What Is the Speed of a Block Launched by a Compressed Spring?

[MAC5494]

Homework Statement

So we have a test this Friday over several topics in modern mechanics. Our professor gave us last year's test to use as a study guide, but hasn't posted the solutions yet. I'm not sure I'm doing this one right so I was hoping someone could check my work! I feel like my number is a bit big.



A spring whose stiffness is 3500 N/m is used to launch a 4 kg block straight up in the classroom. The
spring is initially compressed 0.2 m, and the block is initially at rest when it is released. When the block is 1.3
m above its starting position, what is its speed? Be sure to specify what objects are in your system and what
objects are in the surroundings. Show all your work, starting from fundamental principles and/or definitions

system: block, spring, gravity
surrounding: none

U_s = Potential Energy of Spring
U_g = Potential Energy of Gravity
k_s = spring stiffness
s_i & s_f = stretch

Homework Equations

E_f = E_i + W

U_sf + U_gf + K_f = U_si + U_gi + [STRIKE]K_i[/STRIKE] + [STRIKE]W[/STRIKE]

K_f = U_si - U_sf + U_gi - U_gf

.5mv_f² = .5k_s(s_i - s_f)² + mg(y_i - y_f)

v_f² = (ks(s_i - s_f)²)/m + 2g(y_i - y_f)
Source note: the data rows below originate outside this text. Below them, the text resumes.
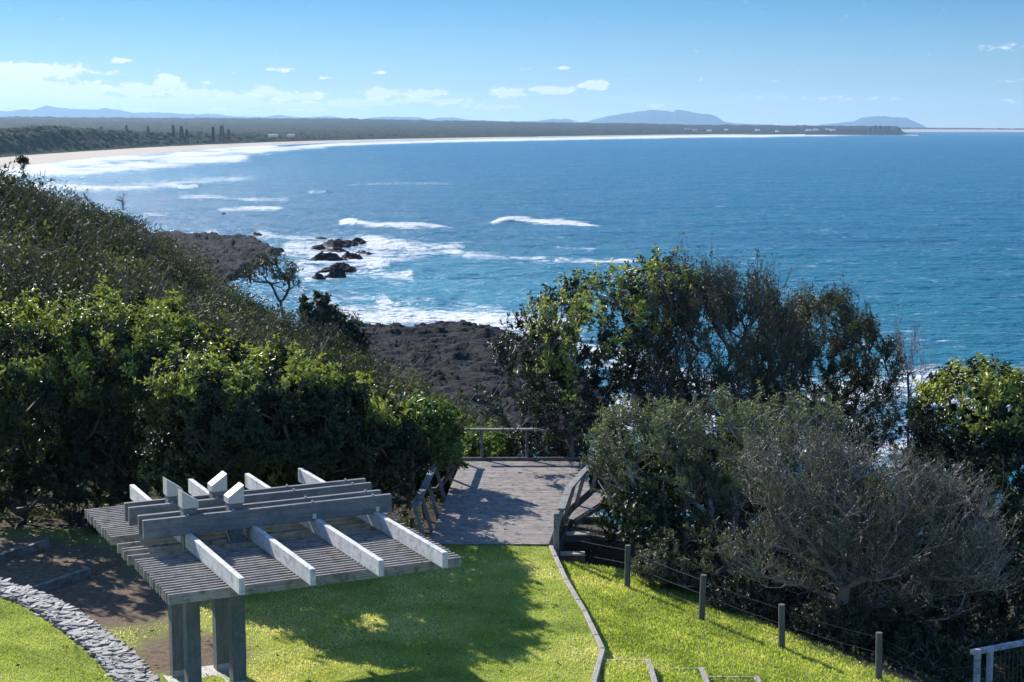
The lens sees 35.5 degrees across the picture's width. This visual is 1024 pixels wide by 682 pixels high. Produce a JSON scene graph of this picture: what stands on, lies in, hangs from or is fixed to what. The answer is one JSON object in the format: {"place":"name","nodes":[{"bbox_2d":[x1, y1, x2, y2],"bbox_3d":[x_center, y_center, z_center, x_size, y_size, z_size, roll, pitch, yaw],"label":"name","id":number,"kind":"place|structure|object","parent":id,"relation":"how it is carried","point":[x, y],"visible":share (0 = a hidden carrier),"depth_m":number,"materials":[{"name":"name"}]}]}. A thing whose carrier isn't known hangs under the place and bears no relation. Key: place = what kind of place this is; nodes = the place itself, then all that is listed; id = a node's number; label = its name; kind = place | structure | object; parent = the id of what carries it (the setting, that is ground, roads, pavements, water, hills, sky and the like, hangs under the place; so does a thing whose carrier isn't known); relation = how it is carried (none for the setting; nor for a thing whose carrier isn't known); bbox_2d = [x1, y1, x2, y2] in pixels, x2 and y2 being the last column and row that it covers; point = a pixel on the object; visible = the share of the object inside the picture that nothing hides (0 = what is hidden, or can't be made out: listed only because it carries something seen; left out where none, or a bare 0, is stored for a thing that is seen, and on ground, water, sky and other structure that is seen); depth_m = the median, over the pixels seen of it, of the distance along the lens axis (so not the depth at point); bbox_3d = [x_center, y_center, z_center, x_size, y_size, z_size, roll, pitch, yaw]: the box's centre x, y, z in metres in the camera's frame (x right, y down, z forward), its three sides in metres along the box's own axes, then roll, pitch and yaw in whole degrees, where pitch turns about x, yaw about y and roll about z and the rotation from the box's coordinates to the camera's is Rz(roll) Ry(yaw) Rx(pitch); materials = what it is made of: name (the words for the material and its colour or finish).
{"place":"outdoors","nodes":[
{"label":"outdoors","id":0,"kind":"place"},
{"bbox_2d":[0,105,242,117],"bbox_3d":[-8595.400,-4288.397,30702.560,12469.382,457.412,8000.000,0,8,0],"label":"mountain range","id":1,"kind":"structure","parent":0,"point":[44,111],"depth_m":29987.52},
{"bbox_2d":[199,113,347,118],"bbox_3d":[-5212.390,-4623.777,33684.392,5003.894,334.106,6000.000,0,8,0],"label":"mountain range","id":2,"kind":"structure","parent":0,"point":[284,116],"depth_m":33499.48,"materials":[{"name":"blue"}]},
{"bbox_2d":[0,134,772,167],"bbox_3d":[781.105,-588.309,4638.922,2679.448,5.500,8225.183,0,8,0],"label":"beach","id":3,"kind":"structure","parent":0,"point":[42,158],"depth_m":2190.95,"materials":[{"name":"beige sand"}]},
{"bbox_2d":[0,116,902,156],"bbox_3d":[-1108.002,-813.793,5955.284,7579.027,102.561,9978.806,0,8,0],"label":"distant woodland","id":4,"kind":"object","parent":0,"point":[39,135],"visible":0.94,"depth_m":5258.14,"materials":[{"name":"green plant"}]},
{"bbox_2d":[171,125,175,140],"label":"pine tree","id":5,"kind":"object","parent":4,"relation":"on","point":[173,132],"visible":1,"depth_m":2467.57,"materials":[{"name":"green plant"}]},
{"bbox_2d":[179,126,183,142],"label":"pine tree","id":6,"kind":"object","parent":4,"relation":"on","point":[181,131],"visible":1,"depth_m":2499.50,"materials":[{"name":"green plant"}]},
{"bbox_2d":[184,129,189,141],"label":"pine tree","id":7,"kind":"object","parent":4,"relation":"on","point":[186,130],"visible":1,"depth_m":2517.63,"materials":[{"name":"green plant"}]},
{"bbox_2d":[211,127,214,143],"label":"pine tree","id":8,"kind":"object","parent":4,"relation":"on","point":[212,135],"visible":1,"depth_m":2667.63,"materials":[{"name":"green plant"}]},
{"bbox_2d":[218,126,224,143],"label":"pine tree","id":9,"kind":"object","parent":4,"relation":"on","point":[222,132],"visible":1,"depth_m":2722.85,"materials":[{"name":"green plant"}]},
{"bbox_2d":[226,129,230,143],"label":"pine tree","id":10,"kind":"object","parent":4,"relation":"on","point":[228,135],"visible":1,"depth_m":2766.34,"materials":[{"name":"green plant"}]},
{"bbox_2d":[267,134,278,136],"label":"house","id":11,"kind":"structure","parent":4,"relation":"on","point":[272,135],"depth_m":2969.64,"materials":[{"name":"grey"}]},
{"bbox_2d":[365,117,579,122],"bbox_3d":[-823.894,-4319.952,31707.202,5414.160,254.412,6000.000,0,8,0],"label":"mountain range","id":12,"kind":"structure","parent":0,"point":[460,119],"depth_m":31418.46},
{"bbox_2d":[0,288,1023,681],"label":"ground","id":13,"kind":"structure","parent":0,"point":[120,586],"depth_m":35.52,"materials":[{"name":"green plant"}]},
{"bbox_2d":[15,154,30,173],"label":"round topped tree","id":14,"kind":"object","parent":13,"relation":"on","point":[23,159],"visible":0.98,"depth_m":173.73,"materials":[{"name":"green plant"}]},
{"bbox_2d":[0,539,48,561],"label":"timber sleeper","id":15,"kind":"object","parent":13,"relation":"on","point":[23,550],"visible":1,"depth_m":39.82,"materials":[{"name":"grey wood"}]},
{"bbox_2d":[32,567,90,591],"bbox_3d":[-10.750,5.717,37.555,0.160,0.240,2.335,4,9,28],"label":"timber sleeper","id":16,"kind":"object","parent":13,"relation":"on","point":[54,583],"visible":0.56,"depth_m":37.72,"materials":[{"name":"grey wood"}]},
{"bbox_2d":[0,577,159,681],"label":"slate wall","id":17,"kind":"structure","parent":13,"relation":"on","point":[117,659],"depth_m":32.78,"materials":[{"name":"grey stone"}]},
{"bbox_2d":[0,282,163,521],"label":"broadleaf shrub","id":18,"kind":"object","parent":13,"relation":"on","point":[23,484],"visible":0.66,"depth_m":42.09,"materials":[{"name":"green plant"}]},
{"bbox_2d":[113,185,127,208],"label":"dead tree","id":19,"kind":"object","parent":13,"relation":"on","point":[122,200],"visible":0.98,"depth_m":166.14,"materials":[{"name":"grey wood"}]},
{"bbox_2d":[13,273,244,516],"bbox_3d":[-10.409,1.590,44.383,6.613,6.673,7.499,0,8,0],"label":"broadleaf shrub","id":20,"kind":"object","parent":13,"relation":"on","point":[104,315],"visible":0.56,"depth_m":42.33,"materials":[{"name":"green plant"}]},
{"bbox_2d":[124,328,376,498],"bbox_3d":[-6.559,2.572,39.898,6.467,5.809,7.082,0,8,0],"label":"broadleaf shrub","id":21,"kind":"object","parent":13,"relation":"on","point":[199,417],"visible":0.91,"depth_m":38.01,"materials":[{"name":"green plant"}]},
{"bbox_2d":[0,153,515,441],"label":"scrub twigs","id":22,"kind":"object","parent":13,"relation":"on","point":[200,294],"visible":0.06,"depth_m":80.72,"materials":[{"name":"plant"}]},
{"bbox_2d":[237,248,307,315],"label":"wind bent tree","id":23,"kind":"object","parent":13,"relation":"on","point":[285,277],"visible":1,"depth_m":149.87,"materials":[{"name":"green plant"}]},
{"bbox_2d":[85,468,460,681],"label":"pergola","id":24,"kind":"object","parent":13,"relation":"on","point":[216,543],"visible":0.99,"depth_m":30.33,"materials":[{"name":"grey"}]},
{"bbox_2d":[0,159,614,525],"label":"coastal scrub","id":25,"kind":"object","parent":13,"relation":"on","point":[177,273],"visible":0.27,"depth_m":82.49,"materials":[{"name":"green plant"}]},
{"bbox_2d":[295,290,370,356],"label":"vine draped tree","id":26,"kind":"object","parent":13,"relation":"on","point":[324,311],"visible":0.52,"depth_m":139.27,"materials":[{"name":"dark leaf"},{"name":"dark brown twig"}]},
{"bbox_2d":[259,370,442,517],"bbox_3d":[-4.346,2.916,43.732,4.977,4.689,9.545,0,8,0],"label":"broadleaf shrub","id":27,"kind":"object","parent":13,"relation":"on","point":[400,452],"visible":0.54,"depth_m":41.07,"materials":[{"name":"green plant"}]},
{"bbox_2d":[339,306,363,325],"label":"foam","id":28,"kind":"object","parent":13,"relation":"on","point":[352,316],"visible":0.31,"depth_m":148.84,"materials":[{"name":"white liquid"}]},
{"bbox_2d":[410,519,413,528],"bbox_3d":[-2.607,4.983,41.624,0.100,0.720,0.100,0,8,0],"label":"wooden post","id":29,"kind":"object","parent":13,"relation":"on","point":[411,523],"visible":0.45,"depth_m":41.54,"materials":[{"name":"grey wood"}]},
{"bbox_2d":[390,389,469,519],"bbox_3d":[-2.505,3.409,47.964,2.446,3.988,4.000,-6,9,-37],"label":"young shrub","id":30,"kind":"object","parent":13,"relation":"on","point":[443,432],"visible":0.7,"depth_m":47.21,"materials":[{"name":"green plant"}]},
{"bbox_2d":[0,535,910,681],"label":"grass","id":31,"kind":"structure","parent":13,"relation":"on","point":[667,639],"depth_m":34.55,"materials":[{"name":"green plant"}]},
{"bbox_2d":[452,418,522,475],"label":"young shrub","id":32,"kind":"object","parent":13,"relation":"on","point":[498,446],"visible":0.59,"depth_m":52.93,"materials":[{"name":"green plant"}]},
{"bbox_2d":[411,428,599,546],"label":"lookout deck","id":33,"kind":"structure","parent":13,"relation":"on","point":[538,494],"depth_m":45.83,"materials":[{"name":"grey wood"}]},
{"bbox_2d":[559,501,613,561],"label":"timber steps","id":34,"kind":"structure","parent":33,"relation":"attached to","point":[573,556],"depth_m":43.73,"materials":[{"name":"grey wood"}]},
{"bbox_2d":[566,484,608,526],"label":"side ramp","id":35,"kind":"structure","parent":34,"relation":"on","point":[593,500],"depth_m":45.60,"materials":[{"name":"grey wood"}]},
{"bbox_2d":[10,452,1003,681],"bbox_3d":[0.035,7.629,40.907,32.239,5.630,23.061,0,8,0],"label":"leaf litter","id":36,"kind":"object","parent":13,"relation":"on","point":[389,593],"visible":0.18,"depth_m":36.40,"materials":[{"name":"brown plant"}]},
{"bbox_2d":[0,444,1023,681],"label":"ground cover","id":37,"kind":"object","parent":13,"relation":"on","point":[406,521],"visible":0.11,"depth_m":42.48,"materials":[{"name":"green plant"}]},
{"bbox_2d":[494,424,594,460],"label":"shrub","id":38,"kind":"object","parent":13,"relation":"on","point":[543,448],"visible":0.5,"depth_m":53.05,"materials":[{"name":"green plant"}]},
{"bbox_2d":[553,513,558,557],"bbox_3d":[1.130,5.065,40.777,0.140,1.380,0.180,0,8,0],"label":"tall post","id":39,"kind":"object","parent":13,"relation":"on","point":[556,532],"visible":0.62,"depth_m":40.68,"materials":[{"name":"grey wood"}]},
{"bbox_2d":[549,545,604,681],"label":"timber edging","id":40,"kind":"object","parent":13,"relation":"on","point":[598,666],"visible":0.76,"depth_m":35.03,"materials":[{"name":"grey wood"}]},
{"bbox_2d":[471,243,718,456],"bbox_3d":[2.874,1.768,52.888,8.335,9.975,8.402,0,8,0],"label":"broadleaf tree","id":41,"kind":"object","parent":13,"relation":"on","point":[565,377],"visible":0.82,"depth_m":51.67,"materials":[{"name":"green plant"}]},
{"bbox_2d":[581,441,655,492],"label":"dark shrub","id":42,"kind":"object","parent":13,"relation":"on","point":[590,481],"visible":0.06,"depth_m":50.24,"materials":[{"name":"green plant"}]},
{"bbox_2d":[604,658,657,681],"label":"turf step","id":43,"kind":"object","parent":13,"relation":"on","point":[652,675],"visible":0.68,"depth_m":32.08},
{"bbox_2d":[609,476,700,555],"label":"glossy shrub","id":44,"kind":"object","parent":13,"relation":"on","point":[629,530],"visible":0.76,"depth_m":40.80,"materials":[{"name":"green plant"}]},
{"bbox_2d":[630,543,715,588],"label":"trailing shrub","id":45,"kind":"object","parent":13,"relation":"on","point":[648,566],"visible":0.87,"depth_m":38.88,"materials":[{"name":"green plant"}]},
{"bbox_2d":[654,667,709,681],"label":"turf step","id":46,"kind":"object","parent":13,"relation":"on","point":[704,675],"visible":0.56,"depth_m":32.30,"materials":[{"name":"grey concrete"}]},
{"bbox_2d":[590,429,820,576],"bbox_3d":[5.302,4.847,45.056,6.347,4.585,5.510,0,8,0],"label":"dark shrub","id":47,"kind":"object","parent":13,"relation":"on","point":[610,526],"visible":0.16,"depth_m":44.37,"materials":[{"name":"green plant"}]},
{"bbox_2d":[577,380,864,583],"bbox_3d":[5.630,3.806,42.377,7.802,5.406,5.640,0,8,0],"label":"silver branched shrub","id":48,"kind":"object","parent":13,"relation":"on","point":[670,433],"visible":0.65,"depth_m":41.96,"materials":[{"name":"grey plant"}]},
{"bbox_2d":[619,231,827,528],"bbox_3d":[6.894,1.570,52.420,7.065,10.336,6.925,0,8,0],"label":"twiggy tree","id":49,"kind":"object","parent":13,"relation":"on","point":[720,308],"visible":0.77,"depth_m":51.08,"materials":[{"name":"green plant"}]},
{"bbox_2d":[629,520,827,607],"bbox_3d":[5.214,5.603,39.434,5.234,2.372,2.825,3,8,23],"label":"shrub","id":50,"kind":"object","parent":13,"relation":"on","point":[706,539],"visible":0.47,"depth_m":39.15,"materials":[{"name":"green plant"}]},
{"bbox_2d":[708,675,761,681],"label":"turf step","id":51,"kind":"object","parent":13,"relation":"on","point":[757,677],"visible":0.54,"depth_m":32.56,"materials":[{"name":"grey concrete"}]},
{"bbox_2d":[696,564,790,619],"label":"trailing shrub","id":52,"kind":"object","parent":13,"relation":"on","point":[768,597],"visible":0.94,"depth_m":37.68,"materials":[{"name":"green plant"}]},
{"bbox_2d":[559,535,969,681],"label":"post and wire fence","id":53,"kind":"object","parent":13,"relation":"on","point":[782,638],"visible":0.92,"depth_m":35.28,"materials":[{"name":"grey"}]},
{"bbox_2d":[593,385,975,561],"bbox_3d":[8.175,4.327,47.243,11.570,6.180,5.522,3,8,24],"label":"dark shrub","id":54,"kind":"object","parent":13,"relation":"on","point":[914,429],"visible":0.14,"depth_m":46.54,"materials":[{"name":"green plant"}]},
{"bbox_2d":[731,275,919,544],"bbox_3d":[10.662,2.694,54.475,6.258,9.904,7.181,5,9,35],"label":"dark tree","id":55,"kind":"object","parent":13,"relation":"on","point":[854,329],"visible":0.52,"depth_m":53.11,"materials":[{"name":"green plant"}]},
{"bbox_2d":[786,593,883,648],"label":"trailing shrub","id":56,"kind":"object","parent":13,"relation":"on","point":[810,625],"visible":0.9,"depth_m":36.56,"materials":[{"name":"green plant"}]},
{"bbox_2d":[706,406,1023,644],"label":"shrub","id":57,"kind":"object","parent":13,"relation":"on","point":[889,523],"visible":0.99,"depth_m":37.19,"materials":[{"name":"grey plant"}]},
{"bbox_2d":[753,452,1023,654],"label":"dark shrub","id":58,"kind":"object","parent":13,"relation":"on","point":[1015,508],"visible":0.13,"depth_m":42.96,"materials":[{"name":"green plant"}]},
{"bbox_2d":[762,530,1023,681],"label":"dark shrub","id":59,"kind":"object","parent":13,"relation":"on","point":[955,628],"visible":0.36,"depth_m":38.25,"materials":[{"name":"green plant"}]},
{"bbox_2d":[877,301,937,444],"bbox_3d":[13.555,3.148,56.043,2.143,9.643,2.403,-4,9,-27],"label":"bare sapling","id":60,"kind":"object","parent":13,"relation":"on","point":[900,348],"visible":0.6,"depth_m":55.50,"materials":[{"name":"brown plant"}]},
{"bbox_2d":[874,625,977,681],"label":"trailing shrub","id":61,"kind":"object","parent":13,"relation":"on","point":[944,657],"visible":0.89,"depth_m":35.71,"materials":[{"name":"green plant"}]},
{"bbox_2d":[899,352,1023,623],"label":"broadleaf tree","id":62,"kind":"object","parent":13,"relation":"on","point":[992,393],"visible":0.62,"depth_m":47.16,"materials":[{"name":"green plant"}]},
{"bbox_2d":[970,639,1023,681],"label":"stair railing","id":63,"kind":"object","parent":13,"relation":"on","point":[978,652],"visible":1,"depth_m":33.91,"materials":[{"name":"grey metal"}]},
{"bbox_2d":[0,0,1023,128],"label":"sky","id":64,"kind":"structure","parent":0,"point":[929,63],"materials":[{"name":"blue"}]},
{"bbox_2d":[1,132,1023,540],"bbox_3d":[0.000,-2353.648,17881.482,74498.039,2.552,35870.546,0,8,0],"label":"sea","id":65,"kind":"structure","parent":0,"point":[909,228],"depth_m":559.84,"materials":[{"name":"liquid"}]},
{"bbox_2d":[155,230,283,282],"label":"rock shelf","id":66,"kind":"object","parent":65,"relation":"in","point":[235,251],"visible":0.33,"depth_m":389.93,"materials":[{"name":"stone"}]},
{"bbox_2d":[312,272,325,279],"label":"sea rock","id":67,"kind":"object","parent":65,"relation":"in","point":[318,276],"visible":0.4,"depth_m":327.65,"materials":[{"name":"grey stone"}]},
{"bbox_2d":[310,245,329,249],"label":"sea rock","id":68,"kind":"object","parent":65,"relation":"in","point":[318,247],"visible":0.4,"depth_m":407.59,"materials":[{"name":"grey stone"}]},
{"bbox_2d":[308,252,348,260],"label":"sea rock","id":69,"kind":"object","parent":65,"relation":"in","point":[328,256],"visible":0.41,"depth_m":369.27,"materials":[{"name":"grey stone"}]},
{"bbox_2d":[325,266,346,277],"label":"sea rock","id":70,"kind":"object","parent":65,"relation":"in","point":[336,272],"visible":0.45,"depth_m":330.86,"materials":[{"name":"grey stone"}]},
{"bbox_2d":[317,262,357,272],"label":"sea rock","id":71,"kind":"object","parent":65,"relation":"in","point":[347,268],"visible":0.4,"depth_m":346.19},
{"bbox_2d":[321,247,353,252],"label":"sea rock","id":72,"kind":"object","parent":65,"relation":"in","point":[338,249],"visible":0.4,"depth_m":399.01,"materials":[{"name":"grey stone"}]},
{"bbox_2d":[320,239,357,247],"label":"sea rock","id":73,"kind":"object","parent":65,"relation":"in","point":[332,243],"visible":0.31,"depth_m":414.86,"materials":[{"name":"grey stone"}]},
{"bbox_2d":[341,251,362,259],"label":"sea rock","id":74,"kind":"object","parent":65,"relation":"in","point":[347,255],"visible":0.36,"depth_m":376.61,"materials":[{"name":"grey stone"}]},
{"bbox_2d":[351,237,365,243],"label":"sea rock","id":75,"kind":"object","parent":65,"relation":"in","point":[359,240],"visible":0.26,"depth_m":425.07,"materials":[{"name":"black stone"}]},
{"bbox_2d":[356,250,372,254],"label":"sea rock","id":76,"kind":"object","parent":65,"relation":"in","point":[364,252],"visible":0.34,"depth_m":392.63,"materials":[{"name":"grey stone"}]},
{"bbox_2d":[330,319,608,445],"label":"rock shelf","id":77,"kind":"object","parent":65,"relation":"in","point":[444,347],"visible":0.3,"depth_m":204.85,"materials":[{"name":"grey stone"}]},
{"bbox_2d":[466,402,490,406],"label":"rock pool","id":78,"kind":"object","parent":77,"relation":"on","point":[473,403],"visible":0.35,"depth_m":172.59,"materials":[{"name":"blue liquid"}]},
{"bbox_2d":[585,110,777,125],"bbox_3d":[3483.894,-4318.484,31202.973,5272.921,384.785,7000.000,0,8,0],"label":"mountain range","id":79,"kind":"structure","parent":0,"point":[683,117],"depth_m":30164.87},
{"bbox_2d":[805,129,926,134],"bbox_3d":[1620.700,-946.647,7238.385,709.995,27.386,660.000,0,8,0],"label":"rocky point","id":80,"kind":"structure","parent":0,"point":[855,132],"depth_m":7069.97,"materials":[{"name":"grey stone"}]},
{"bbox_2d":[817,116,926,127],"bbox_3d":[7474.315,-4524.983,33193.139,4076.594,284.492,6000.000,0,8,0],"label":"mountain range","id":81,"kind":"structure","parent":0,"point":[899,122],"depth_m":32229.79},
{"bbox_2d":[900,127,1023,129],"bbox_3d":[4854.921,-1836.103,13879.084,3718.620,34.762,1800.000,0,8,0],"label":"distant coast","id":82,"kind":"structure","parent":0,"point":[966,128],"depth_m":13647.33},
{"bbox_2d":[901,129,1023,131],"bbox_3d":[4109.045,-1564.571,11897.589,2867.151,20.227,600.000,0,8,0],"label":"distant beach","id":83,"kind":"structure","parent":0,"point":[940,130],"depth_m":11765.13,"materials":[{"name":"beige sand"}]}
]}

v_f = sqrt((ks(s_i - s_f)²)/m + 2g(y_i - y_f))

The Attempt at a Solution

I might have messed up the stretch, I'm currently looking over it.

I got v_f = 44.038 m/s

 

[Hollumber]

Seems like you need to double check your s's and y's. Are these potential energies(Us and Ug) supposed to add or subtract? Did you use the correct signs for your s's and y's?

 

[MAC5494]

I used the quantity -.2 for both s_i and y_i since the spring is compressed. I'm not sure what you are saying. U_sf and U_gf should be subtracting.

 

[Hollumber]

I'm not saying what you did is wrong, but to make sure you are consistent with your signs. What values did you use for delta s and delta y?

 

[MAC5494]

delta s and delta y = -1.5

The stretch became +2.25 because it was squared

The thing is though that it is si-sf and yi-yf, so it is different I guess you could say.

 

[Hollumber]

Hmm, I think you can assume all the energy from the spring transfers into the object such that the spring stops decompressing at its equilibrium length. So delta s is just the distance it is compressed, and delta y is how high the block is from where it started.

 

[MAC5494]

Okay I see what you mean. After the spring is released, the block flies off the spring so U_sf is actually just 0, right?

For that, I got Vf = 2.366 m/s which does sound much more realistic haha.

 

[Hollumber]

I think that's around the value I got as well (don't remember, but it's reasonable). Did you use (-)1.3 for delta y? If not, then your velocity is probably a little low.

 

[MAC5494]

No, I used -1.5, because when the block is at 1.3, it is 1.5m above the point it started from.

 

[nasu]

The problem says clearly that is 1.3 m above the starting position. Not 1.5.

 

[MAC5494]

Yeah you are right. Sorry I haven't slept in a while, so I'm kind of delusional.